Testerman is one of the leaders in the Conservative Political Victory Fund, which is trying to move the state GOP further to the right, to correct what she calls “a drift in the party toward the middle, and a loss of distinction between the parties.” She says the fund will support like-minded candidates for state Legislature, and may target moderate Republicans in the House and Senate.
A member of a tradition-minded breakaway from the Episcopalians, she occasionally sings during services at All Saints Anglican Church in Concord.
Peaceful Warrior
Macy Morse: She’s been working for peace since the Vietnam War. Now a great-grandmother, she is still stirring the pot as a leader in Seacoast Peace Response.
Her very first agitation was an attempt to visit her son, while he was in the Air Force in Vietnam. She wanted to get a “good look” at his air base and the fighting. Not surprisingly, she didn’t get a visa.
Morse has accumulated quite a police record. She was arrested many times for protesting the Seabrook nuclear plant; she was once arrested in Washington after spraying anti-nuclear slogans on the Pentagon. In 2002 she was one of the “Newington Five,” arrested for occupying Senator Judd Gregg’s office in a protest of the war in Iraq. She refused to pay a fine and spent 18 days in jail. The Portland Phoenix quotes her as saying that she
didn’t mind being confined, but “the food was awful. There was some meat product that stuck to the roof of your mouth, and the vegetables were old.”
Actor on the Barricades
Jane Bernhardt: A multi-faceted talent who expresses her political and spiritual beliefs in her work. She combines her skills in acting and portraiture by creating exhibit/performances on subjects like Japanese A-bomb survivors, clients of an inner-city food program and people who have risked their lives resisting injustice.

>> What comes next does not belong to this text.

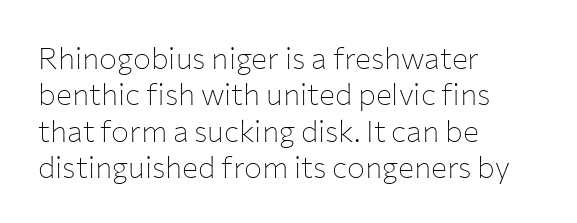
{"serif": "no", "italic": "no", "bold": "no", "weight": "thin", "width": "normal", "stroke_contrast": "low", "x_height": "medium", "monospaced": "no", "underline": "no", "align": "left", "line_spacing_ratio": 1.21, "letter_spacing": "normal", "letter_spacing_em": 0.0, "glyph_px": 30}

Bernhardt’s first career was in acting; her All-American good looks led to steady work in national TV ads for toothpaste, shampoo, diapers, fast food and many other products. “I made more money then than I have ever made,” she says, “but I didn’t attend drama school to sell products.”
After many years as a portraitist, she began developing the combined works she is known for today. Her next work will be about the Middle East. Ultimately, she hopes to span the globe with pieces that reflect a new paradigm of peace and justice.